Task requirements –
From the first line to the last, copy the material exactly and leave the pictures out.
[Input]
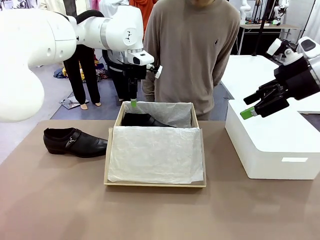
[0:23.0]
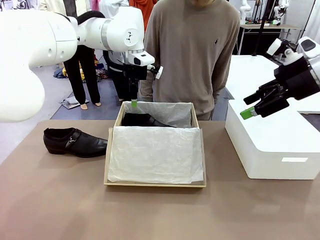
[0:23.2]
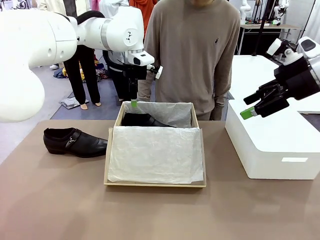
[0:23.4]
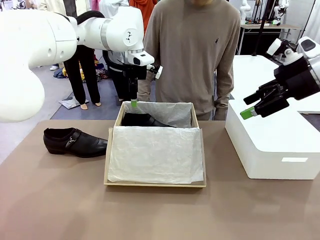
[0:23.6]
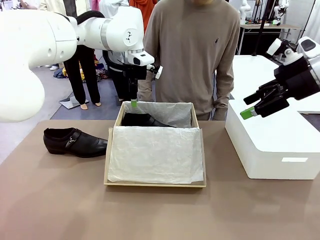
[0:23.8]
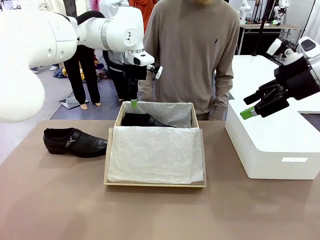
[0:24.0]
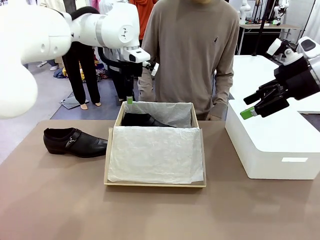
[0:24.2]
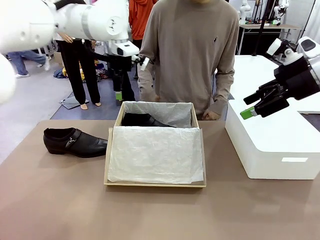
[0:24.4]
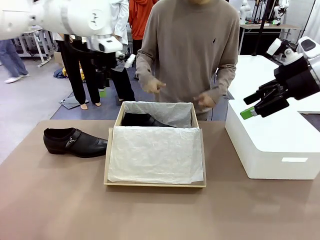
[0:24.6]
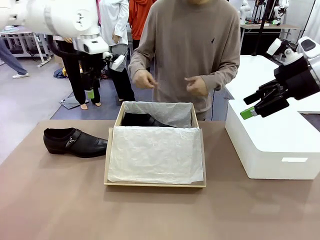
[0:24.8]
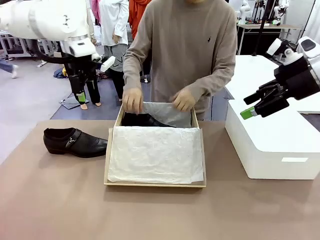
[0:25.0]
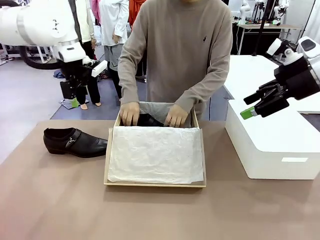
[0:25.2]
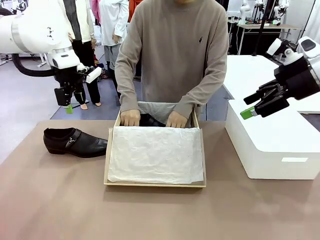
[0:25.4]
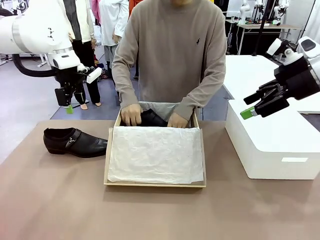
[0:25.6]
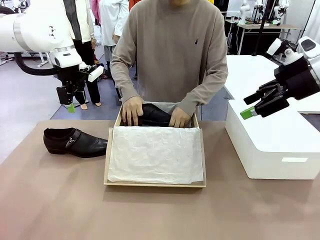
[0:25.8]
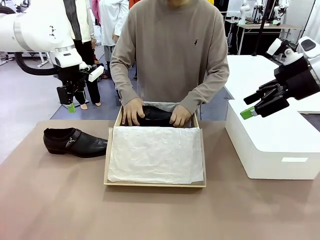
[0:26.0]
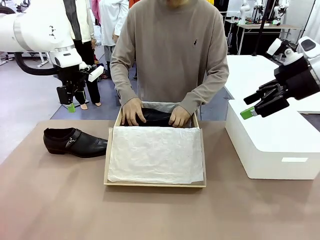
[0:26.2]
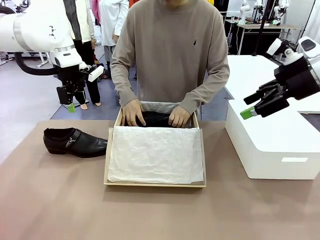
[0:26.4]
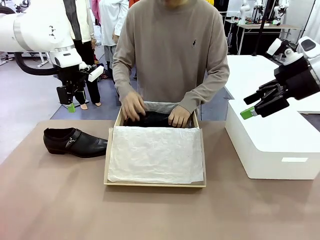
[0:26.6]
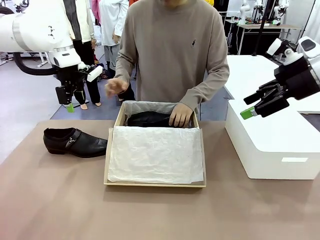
[/Input]
Worked solution –
[0:23.0]
[0:23.2]
[0:23.4]
[0:23.6]
[0:23.8]
[0:24.0]
[0:24.2]
[0:24.4]
[0:24.6]
[0:24.8]
[0:25.0]
[0:25.2]
[0:25.4]
[0:25.6]
[0:25.8]
[0:26.0]
[0:26.2]
[0:26.4]
[0:26.6]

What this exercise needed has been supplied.